What you will do =
Word for word, please restate each record and pass over the pictures.

Data provided =
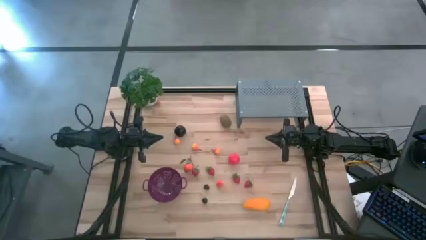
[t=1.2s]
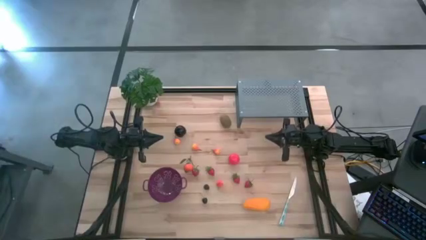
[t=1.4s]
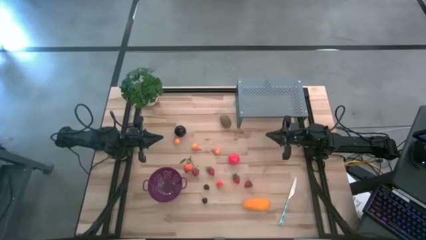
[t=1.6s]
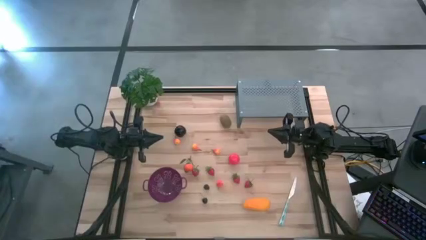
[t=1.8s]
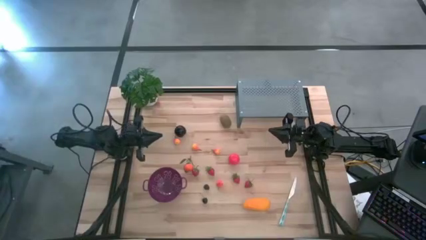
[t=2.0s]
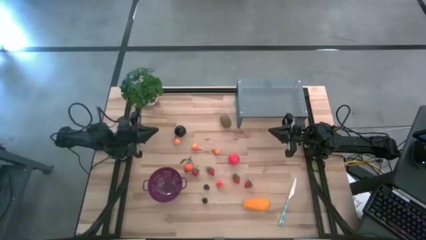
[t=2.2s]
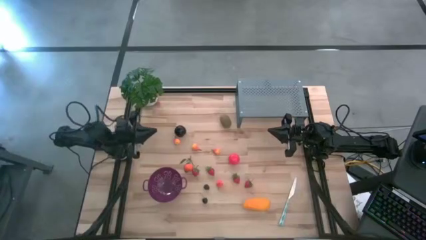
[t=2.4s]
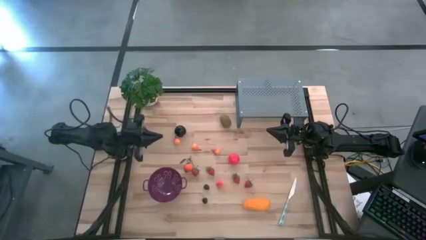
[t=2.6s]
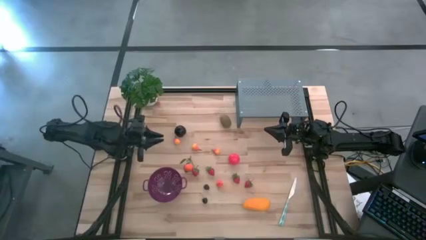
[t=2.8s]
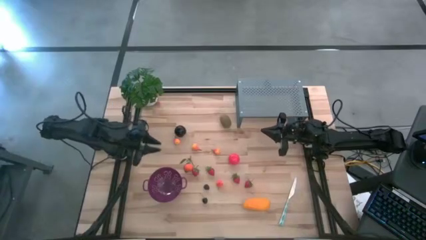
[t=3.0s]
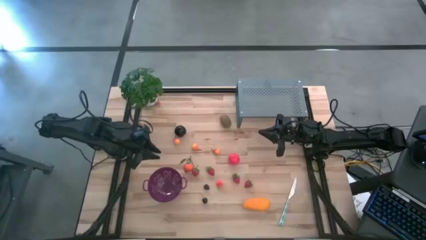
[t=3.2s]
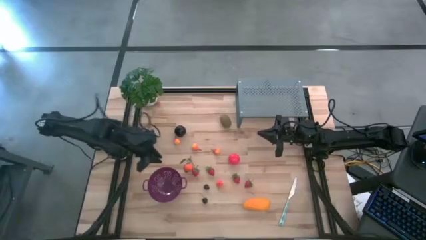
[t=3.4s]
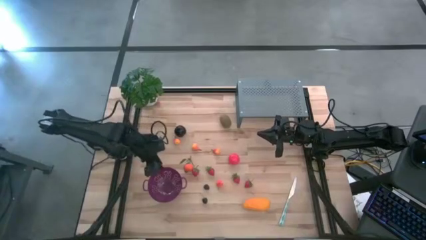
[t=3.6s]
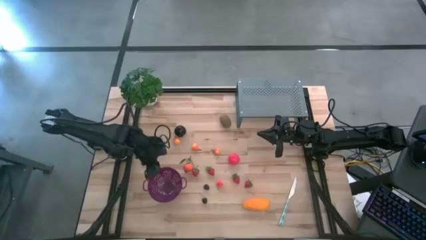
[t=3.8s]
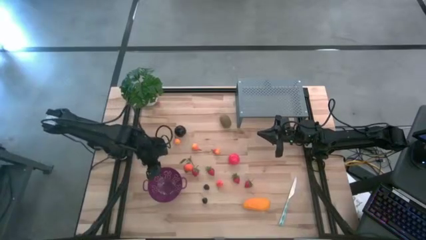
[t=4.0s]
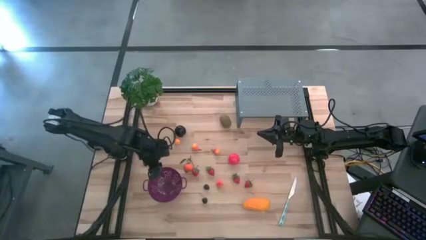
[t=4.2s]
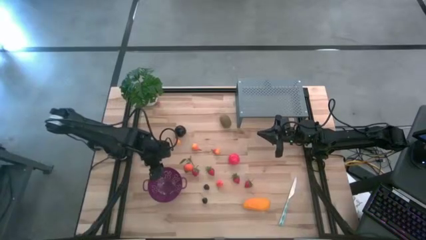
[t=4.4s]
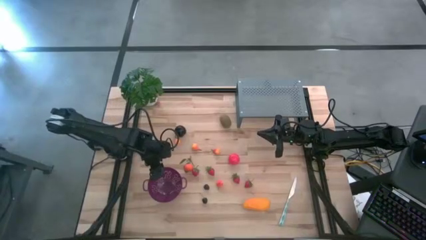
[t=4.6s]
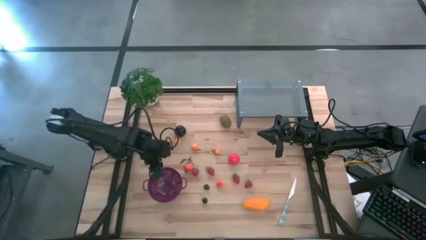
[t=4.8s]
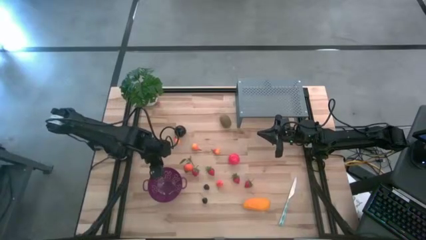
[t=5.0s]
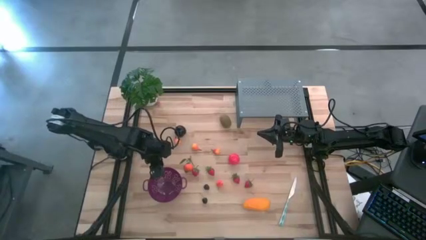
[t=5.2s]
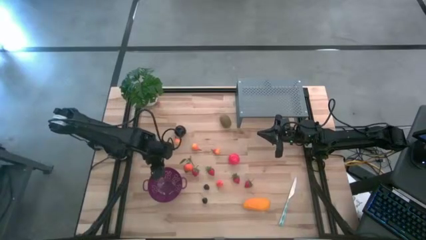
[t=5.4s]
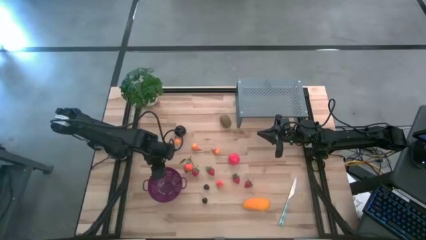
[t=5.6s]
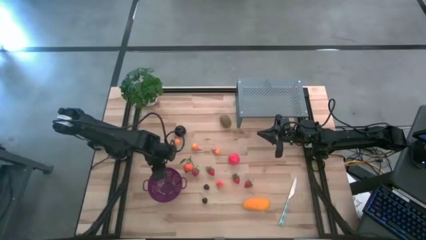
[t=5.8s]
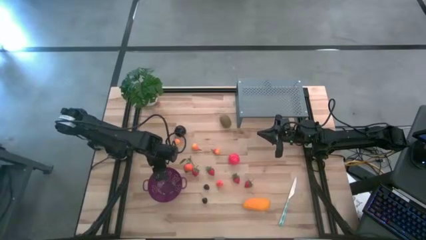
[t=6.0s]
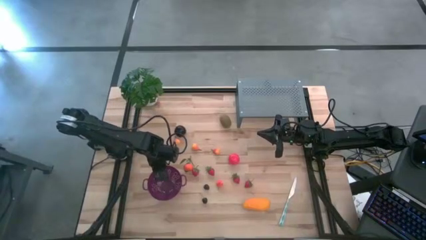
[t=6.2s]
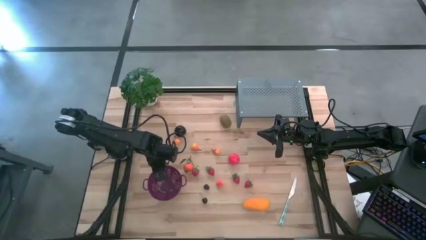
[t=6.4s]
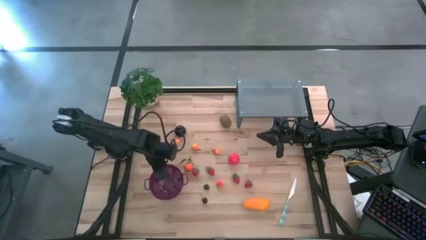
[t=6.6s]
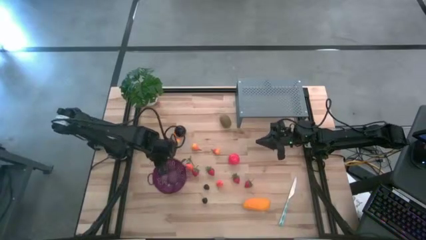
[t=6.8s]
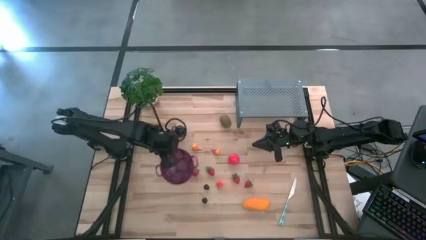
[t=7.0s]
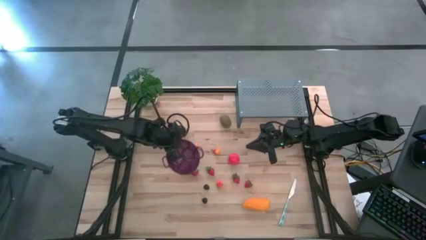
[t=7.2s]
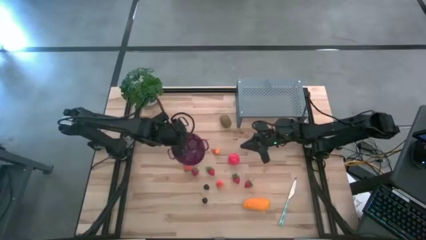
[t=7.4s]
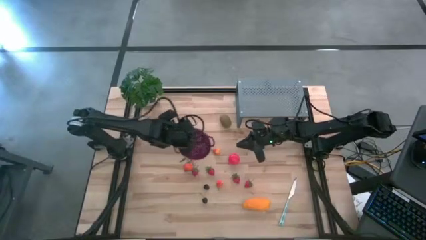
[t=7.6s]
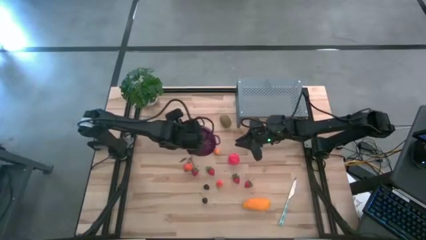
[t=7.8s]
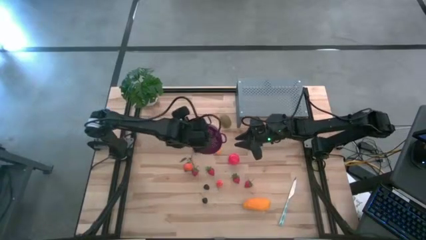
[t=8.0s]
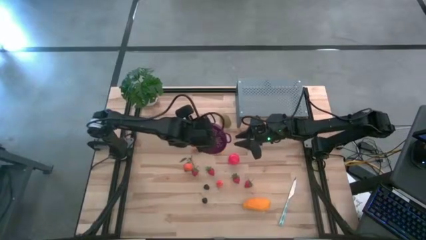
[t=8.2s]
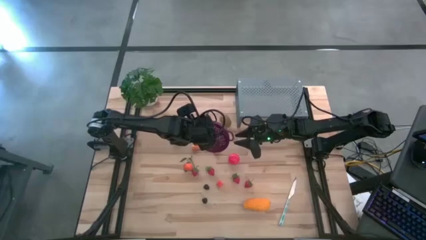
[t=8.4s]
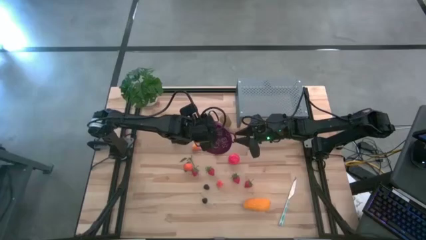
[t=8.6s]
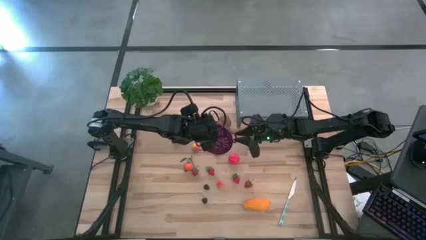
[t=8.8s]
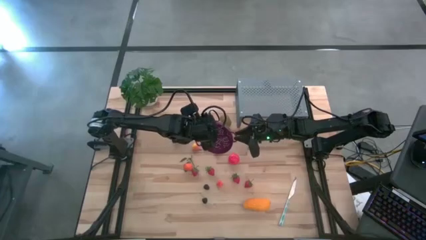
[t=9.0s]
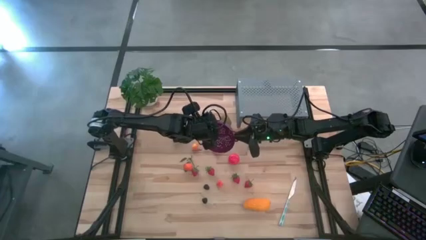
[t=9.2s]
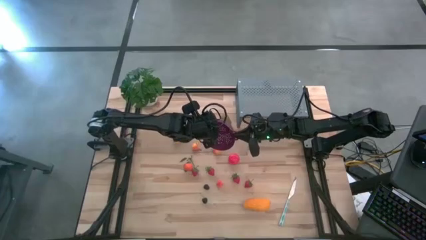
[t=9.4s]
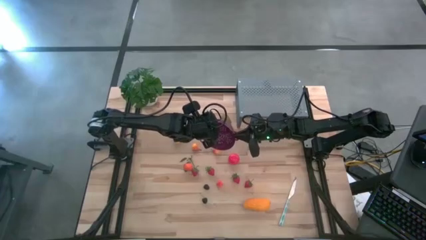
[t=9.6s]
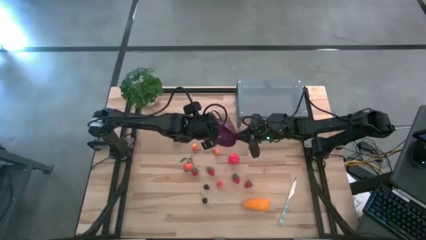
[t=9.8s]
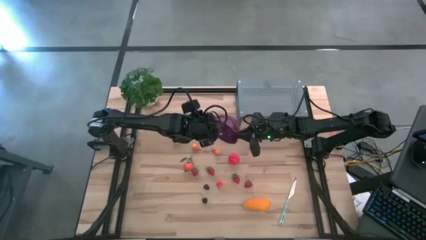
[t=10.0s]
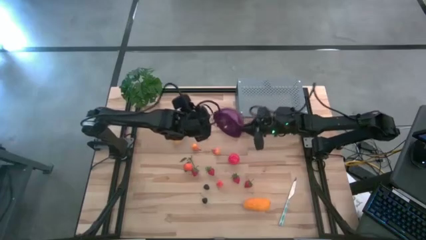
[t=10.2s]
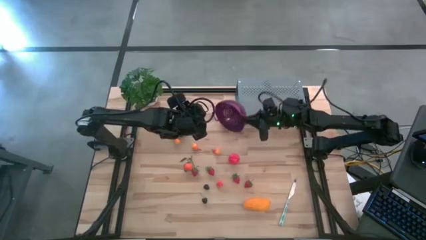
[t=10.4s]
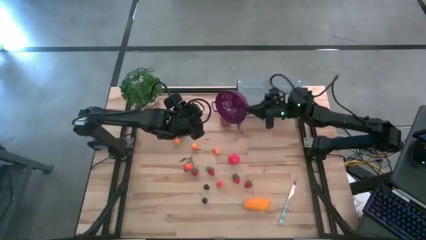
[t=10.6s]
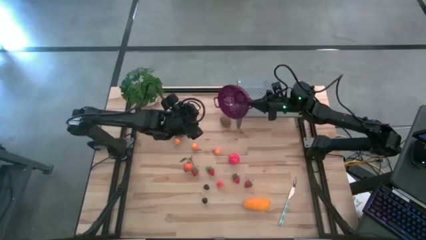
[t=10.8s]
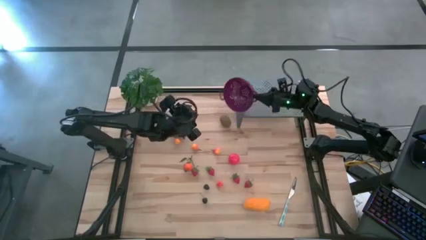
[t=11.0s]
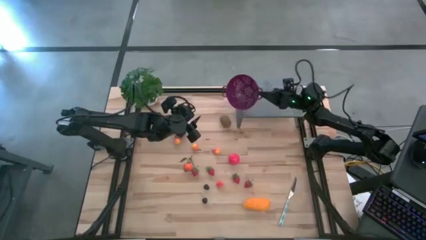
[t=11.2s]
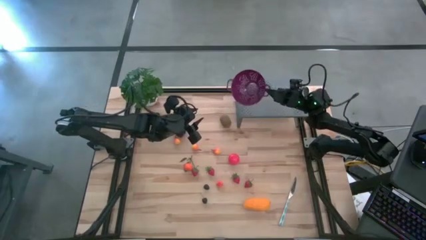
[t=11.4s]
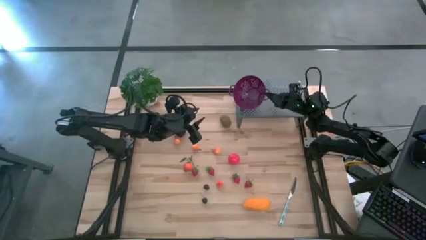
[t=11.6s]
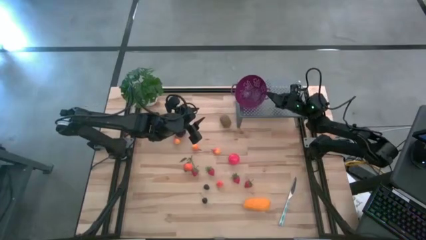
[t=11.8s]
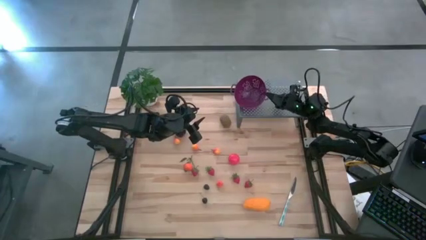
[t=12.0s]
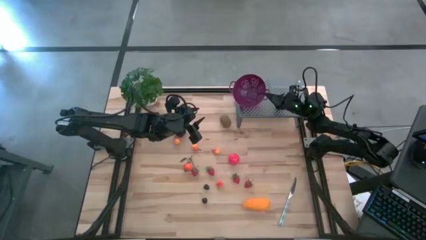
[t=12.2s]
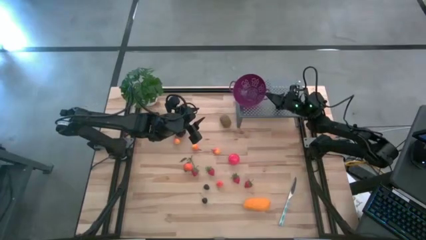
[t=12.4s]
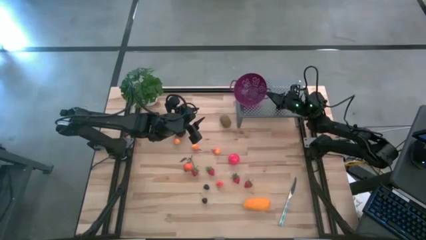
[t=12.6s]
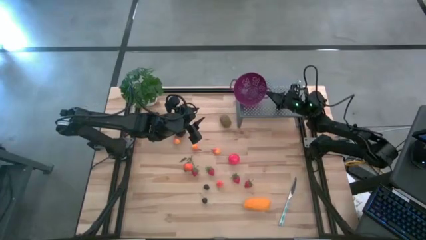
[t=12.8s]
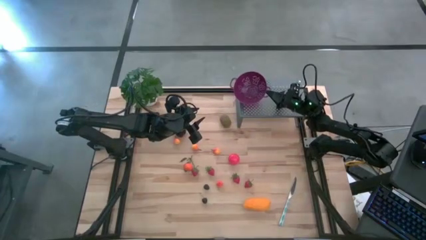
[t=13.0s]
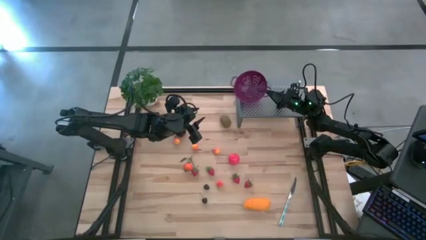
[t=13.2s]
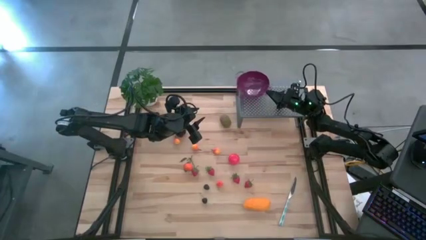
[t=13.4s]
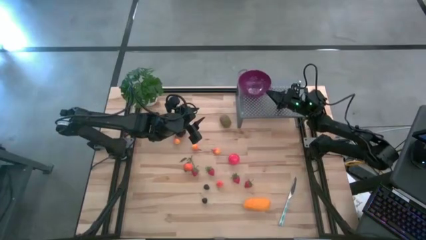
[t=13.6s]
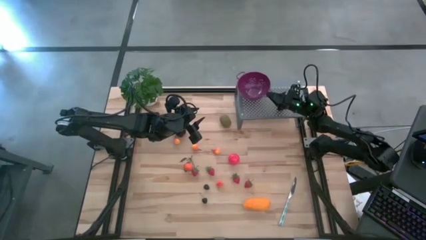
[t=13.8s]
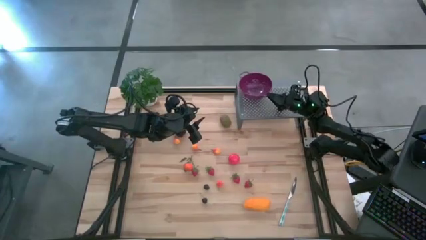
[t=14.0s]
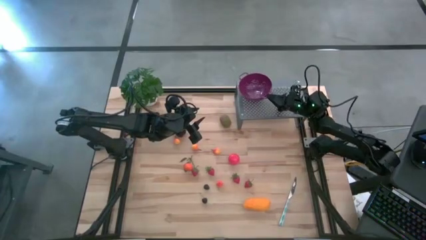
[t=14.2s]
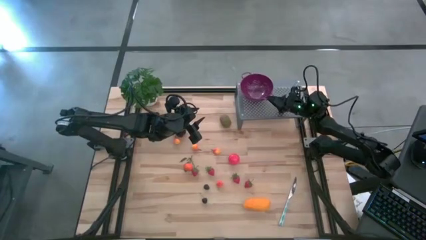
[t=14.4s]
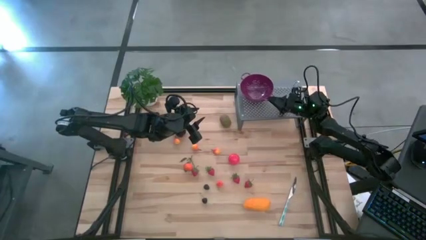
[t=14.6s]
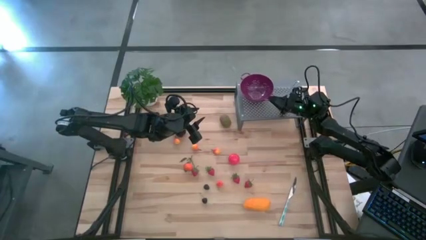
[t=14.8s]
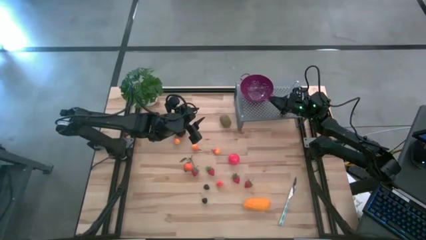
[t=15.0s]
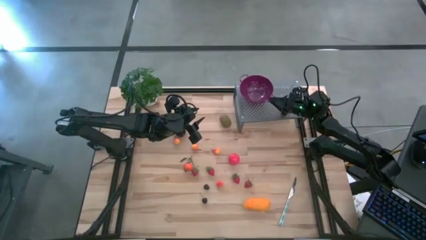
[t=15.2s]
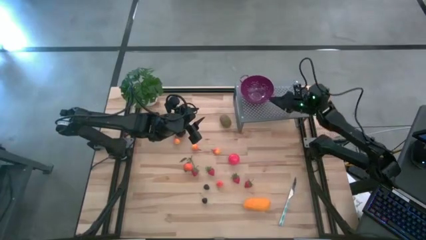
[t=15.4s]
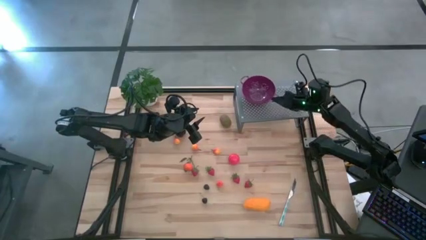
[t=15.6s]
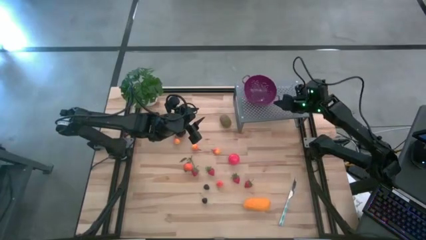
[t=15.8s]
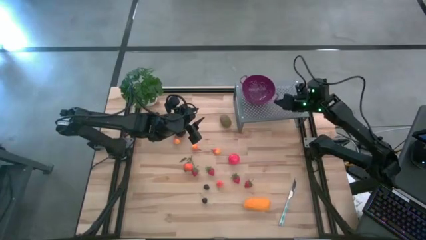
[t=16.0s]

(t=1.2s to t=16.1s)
Task: Pick & Place Fruit
Put the violet strainer bowl on the shelf

Your solution =
[t=1.2s]
[t=1.4s]
[t=1.6s]
[t=1.8s]
[t=2.0s]
[t=2.2s]
[t=2.4s]
[t=2.6s]
[t=2.8s]
[t=3.0s]
[t=3.2s]
[t=3.4s]
[t=3.6s]
[t=3.8s]
[t=4.0s]
[t=4.2s]
[t=4.4s]
[t=4.6s]
[t=4.8s]
[t=5.0s]
[t=5.2s]
[t=5.4s]
[t=5.6s]
[t=5.8s]
[t=6.0s]
[t=6.2s]
[t=6.4s]
[t=6.6s]
[t=6.8s]
[t=7.0s]
[t=7.2s]
[t=7.4s]
[t=7.6s]
[t=7.8s]
[t=8.0s]
[t=8.2s]
[t=8.4s]
[t=8.6s]
[t=8.8s]
[t=9.0s]
[t=9.2s]
[t=9.4s]
[t=9.6s]
[t=9.8s]
[t=10.0s]
[t=10.2s]
[t=10.4s]
[t=10.6s]
[t=10.8s]
[t=11.0s]
[t=11.2s]
[t=11.4s]
[t=11.6s]
[t=11.8s]
[t=12.0s]
[t=12.2s]
[t=12.4s]
[t=12.6s]
[t=12.8s]
[t=13.0s]
[t=13.2s]
[t=13.4s]
[t=13.6s]
[t=13.8s]
[t=14.0s]
[t=14.2s]
[t=14.4s]
[t=14.6s]
[t=14.8s]
[t=15.0s]
[t=15.2s]
[t=15.4s]
[t=15.6s]
[t=15.8s]
[t=16.0s]

(t=1.2s to t=16.1s)
Task: Pick & Place Fruit
Put the violet strainer bowl on the shelf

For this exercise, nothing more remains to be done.